Known now as “the last representative of the great mathematicians”, von Neumann’s genius was legendary even in his own lifetime. The sheer breadth of stories and anecdotes about his brilliance, from Nobel Prize-winning physicists to world-class mathematicians abound:
”You know, Herb, Johnny can do calculations in his head ten times as fast as I can. And I can do them ten times as fast as you can, so you can see how impressive Johnny is” — Enrico Fermi (Nobel Prize in Physics, 1938)
“One had the impression of a perfect instrument whose gears were machined to mesh accurately to a thousandth of an inch.” — Eugene Wigner (Nobel Prize in Physics, 1963)
“I have sometimes wondered whether a brain like von Neumann’s does not indicate a species superior to that of man” — Hans Bethe (Nobel Prize in Physics, 1967)
And indeed, von Neumann both worked alongside and collaborated with some of the foremost figures of twentieth century science. He went to high school with Eugene Wigner, collaborated with Hermann Weyl at ETH, attended lectures by Albert Einstein in Berlin, worked under David Hilbert at Göttingen, with Alan Turing and Oskar Morgenstern in Princeton, with Niels Bohr in Copenhagen and was close with both Richard Feynman and J. Robert Oppenheimer at Los Alamos.
An émigré to America in 1933, von Neumann’s life was one famously dedicated to cognitive and creative pursuits, but also the enjoyments of life. Twice married and wealthy, he loved expensive clothes, hard liquor, fast cars and dirty jokes, according to his friend Stanisław Ulam. Almost involuntarily, his posthumous biographer Norman Macrae recounts, people took a liking to von Neumann, even those who disagreed with his conservative politics (Regis, 1992).

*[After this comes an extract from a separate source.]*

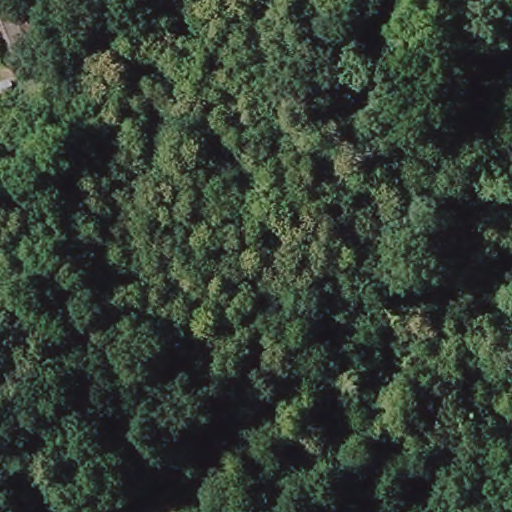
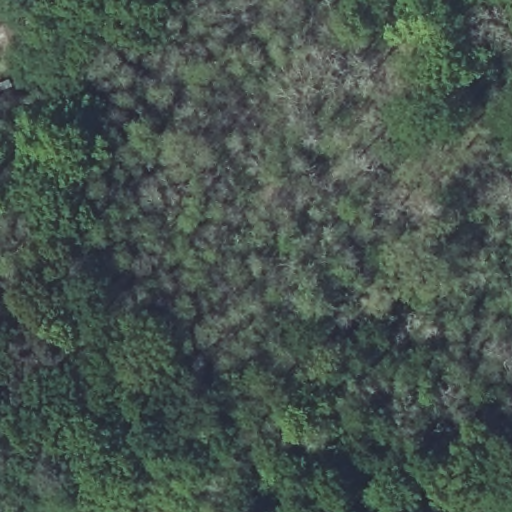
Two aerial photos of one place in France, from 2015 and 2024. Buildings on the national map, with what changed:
unchanged [(0,0),(2,0),(26,56),(5,65),(0,53),(0,0)]

This essay aims to highlight some of the unbelievable feats of “Johnny” von Neumann’s mind. Happy reading!
Early years (1903–1921)
Neumann János Lajos (John Louis Neumann in English) arrived on this planet on December 28th 1903 in Budapest, Hungary. Born to wealthy non-observant Jewish bankers, his upbringing can be described as privileged. His father held a doctorate in law, and he grew up in an 18-room apartment on the top floor above the Kann-Heller offices at 62 Bajcsy-Zsilinszky Street in Budapest (Macrae, 1992).

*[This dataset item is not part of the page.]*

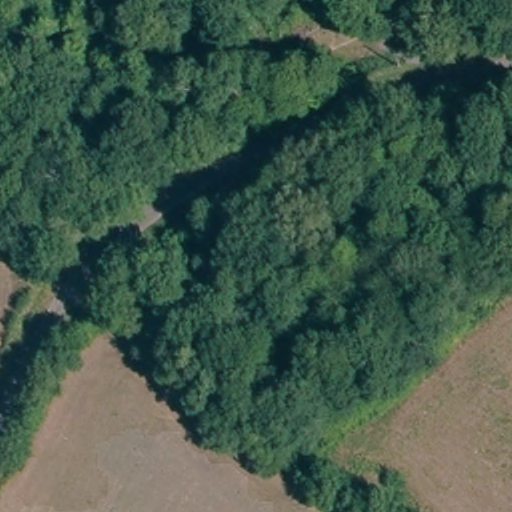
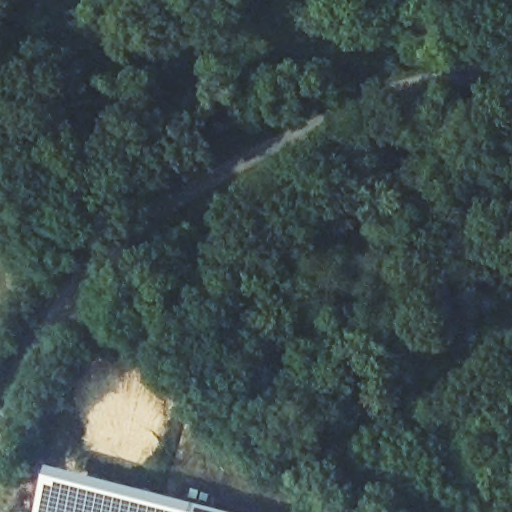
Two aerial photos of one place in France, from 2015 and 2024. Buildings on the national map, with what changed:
new [(55,471),(55,473),(75,478),(74,480),(122,493),(123,489),(149,496),(150,492),(223,512),(41,512),(48,470),(55,471)]

“Johnny” von Neumann was a child prodigy. Even from a young age, there were strange stories of little John Louis’ abilities: dividing two eight-digit numbers in his head and conversing in Ancient Greek at age six (Henderson, 2007), proficient in calculus at age eight (Nasar, 1998) and reading Emile Borel’s Théorie des Fonctions (“On some points in the theory of functions” ) at age twelve (Leonard, 2010). Reportedly, von Neumann possessed an eidetic memory, and so was able to recall complete novels and pages of the phone directory on command. This enabled him to accumulate an almost encyclopedic knowledge of what ever he read, such as the history of the Peloponnesian Wars, the Trial Joan of Arc and Byzantine history (Leonard, 2010). A Princeton professor of the latter topic once stated that by the time he was in his thirties, Johnny had greater expertise in Byzantine history than he did (Blair, 1957).
"One of his remarkable abilities was his power of absolute recall. As far as I could tell, von Neumann was able on once reading a book or article to quote it back verbatim; moreover, he could do it years later without hesitation. He could also translate it at no diminution in speed from its original language into English. On one occasion I tested his ability by asking him to tell me how A Tale of Two Cities started. Whereupon, without any pause, he immediately began to recite the first chapter and continued until asked to stop after about ten or fifteen minutes."Excerpt, The Computer from Pascal to von Neumann by Herman Goldstein (1980)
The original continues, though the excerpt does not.